Les femmes et les hommes vous inspirent-ils de la même façon ? "pas du tout ! j'ai constaté que je n'avais aucun mal à trouver des idées pour des groupes de garçons alors que les ensembles de filles me barbent prodigieusement. En fait, sur le plan professionnel, les femmes m'intéressent qu'individuellement. Et dans ma vie privée, c'est un peu pareil, j'aodre l'idée de dîner en tête à tête avec une adorable personne mais si j'apprends qu'elles sont plus de 5, je pars en courant !"

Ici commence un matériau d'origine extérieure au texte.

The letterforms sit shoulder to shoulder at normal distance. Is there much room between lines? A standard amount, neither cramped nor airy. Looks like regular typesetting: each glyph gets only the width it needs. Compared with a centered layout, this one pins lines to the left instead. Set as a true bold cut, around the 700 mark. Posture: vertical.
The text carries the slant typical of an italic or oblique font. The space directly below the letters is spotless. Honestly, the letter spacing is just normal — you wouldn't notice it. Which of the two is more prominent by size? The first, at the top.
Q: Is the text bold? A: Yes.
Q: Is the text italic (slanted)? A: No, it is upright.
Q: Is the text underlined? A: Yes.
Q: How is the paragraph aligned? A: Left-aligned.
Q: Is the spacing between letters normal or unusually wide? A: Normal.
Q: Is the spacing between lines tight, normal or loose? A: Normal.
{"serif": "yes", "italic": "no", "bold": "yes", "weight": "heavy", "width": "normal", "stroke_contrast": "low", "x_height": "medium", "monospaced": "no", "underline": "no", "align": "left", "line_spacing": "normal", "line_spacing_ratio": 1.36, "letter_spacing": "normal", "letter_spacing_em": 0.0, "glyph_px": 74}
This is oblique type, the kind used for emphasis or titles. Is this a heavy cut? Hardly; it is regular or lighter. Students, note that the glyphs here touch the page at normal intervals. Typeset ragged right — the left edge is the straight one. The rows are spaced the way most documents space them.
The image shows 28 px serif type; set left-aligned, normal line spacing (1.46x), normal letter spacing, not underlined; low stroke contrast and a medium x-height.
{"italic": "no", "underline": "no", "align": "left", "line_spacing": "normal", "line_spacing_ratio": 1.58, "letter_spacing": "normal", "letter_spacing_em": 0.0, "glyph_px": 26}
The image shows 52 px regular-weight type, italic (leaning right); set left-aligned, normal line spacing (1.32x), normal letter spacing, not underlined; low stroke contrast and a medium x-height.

Vous affirmez que sur 200 ballets, 150 sont bons pour la poubelle . Vous le pensez toujours ? Bien sûr ! certains sont totalement ratés parce qu'il m'est arrivé de m'ennuyer en cours de route et ça se sent. Parfois, comme disait ma grand-mère, j'ai voulu péter plus haut que je n'avais le derrière et au final, c'est ridicule ou carrément prétentieux. Mais avec un grand interprète, je n'ai jamais loupé une chorégraphie.
Alors quel danseur vous a le plus époustouflé ?
Jean Babilée ! Mikhail Barichnikov  qui l'a vu sur scène dans une des mes crétions à New York, s'est agenouillé dans sa loge pour lui baiser les mains ! Il n'avait jamais rien vu d'aussi beau !
Il arrive qu'un réalisateur se trompe en choisissant son actrice principale - cela vous est déjà arrivé ?
C'est impossible ! la danse c'est comme l'amour, ça se fait à deux ! en réglant mes pas sur ceux d'un danseur particulier, le résultat est forcément unique ! on ne peut ni comparer ni avoir de regrets et c'est là toute la beauté de l'histoire.
Est-ce que les danseurs ont des corps qui vieillissent bien ?
Comme tous les grands sportifs, on peut voir de beaux restes. En général, on se tient droit et nos muscles sont plus toniques. Le problème vient des chevilles, des genoux et des hanches qui à force d'être sollicités, s'usent beaucoup plus vite.
Vous avez des amis chorégraphes ?
Quelques uns oui. Ceux qui avaient mon âge (là, il venait de fêter ses 79 ans !!) sont presque tous morts, mais avec mes camarades de la génération d'après, j'ai des relations très chaleureuses.
Lausanne, où vous avez installé votre compagnie, est un bon endroit pour créer ?
La ville où je me pose importe peu. Mon énergie est dans le studio de répétitions et dans le corps des danseurs. J'ai fait cinquante fois le tour du monde et tant que je transporte l'idée de la danse, je suis chez moi partout ! Un jour quelqu'un a dit "Béjart, c'est un français du monde" - c'est une bonne définition.
De quoi êtes-vous le plus fier ?
D'avoir été le premier à sortir la danse des Opéras et à monter mes spectacles dans des salles de plus en plus grandes et totalement inhabituelles, comme le Palais des Sports. On m'avait assuré que je courrais à la catastrophe et pourtant, le public a suivi. J'ai aussi dépoussiéré l'univers de la danse en montrant des corps plus musclés et moins asexués. Et puis,  j'ai toujours su m'éloigner des règles académiques et choisir des jeunes-gens qui avaient des défauts attachants.
Vous avez l'impression aujourd'hui qu'on vous regarde comme un monument, ça vous agace ?
Oui, parce que c'est disproportionné et morbide ! Trop de respect vous éloigne du monde des vivants et Dieu merci, je n'ai pas encore cassé ma pipe ! Alors, pour éviter ce genre de situations qui me mettent mal à l'aise et m'intimident, en dehors des intimes, que je vois régulièrement, je ne sors pratiquement jamais.